Com este ambiente cultural e científico, característico dos círculos culturais e sociais em que se movia Pierre de Coubertin, não era de estranhar que o recuperador dos Jogos Olímpicos caísse em contradições insanáveis. O barão defendia uma educação física integral para rapazes e raparigas mas excluía a competição desportiva conjunta. Tal como na Antiguidade Grega, preconizava que os jogos das mulheres se realizassem após o dos homens. No entanto, a luta da mulher contra a sua exclusão dos Jogos Olímpicos começou bem cedo, em Atenas (1896). Melpomene apresentou-se à partida para a maratona olímpica. Os juízes da corrida não lhe permitiram competir com os homens. Melpomene aqueceu fora do recinto e quando a partida foi dada ele correu no percurso pré-estabelecido. Chegou ao estádio uma hora e meia depois do vencedor – Spiridon Louis. Proibida de entrar no estádio, correu em volta do recinto, terminando em aproximadamente 4h30’. Esta mulher simples rompeu, com coragem e determinação, as grilhetas de subserviência e menoridade física e mental que Coubertin queria perpetuar.

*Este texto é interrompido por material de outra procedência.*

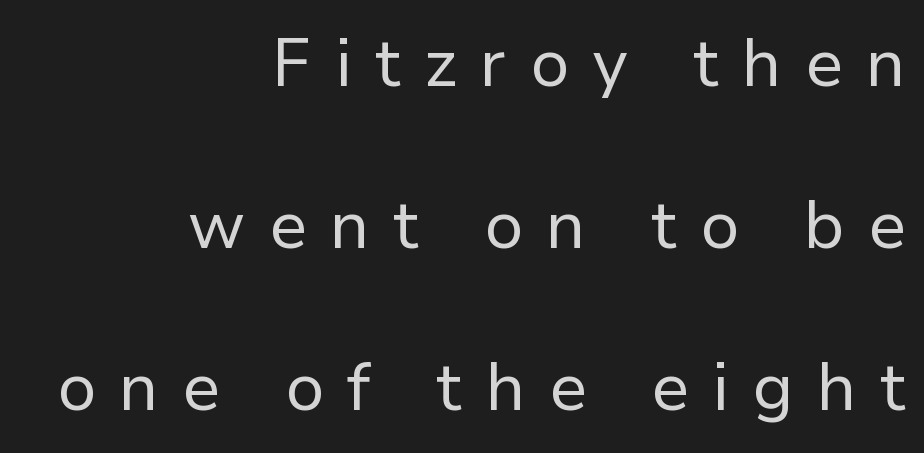
Words float on clear page, feet unadorned. Does the copy run flush right? Yes — the right margin is perfectly even. No feet cap the strokes, marking this as sans-serif type. Compared with typical paragraphs, the rows here are farther apart. What stands out about the letter spacing? Its width — letters are far apart.
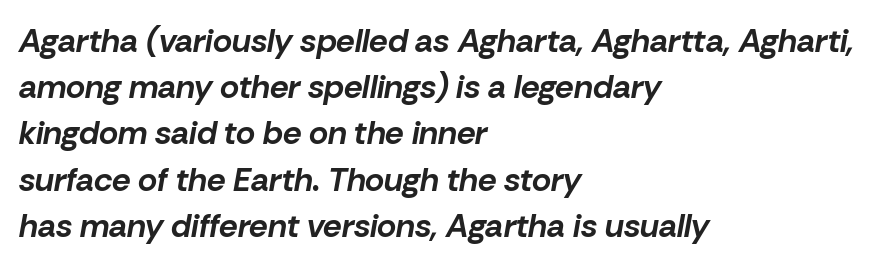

Este exemplo de valor e pertinácia demonstra um heroísmo que Coubertin pensava que era apanágio dos homens. Pierre de Coubertion, enganou-se.
Notas
Dias dos Reis, M.F.M. (1995) Análise do Envolvimento da Mulher no Fenómeno Desportivo, Razões Genésicas Justificativas da sua Fraca Participação. Universidade do Porto, Faculdade de Ciências do Desporto e Educação Física.
Boulongne YP (s/d) Pierre de Coubertin and women’s sport. (www.la84foundation.org/…/OREXXVI31za.pdf).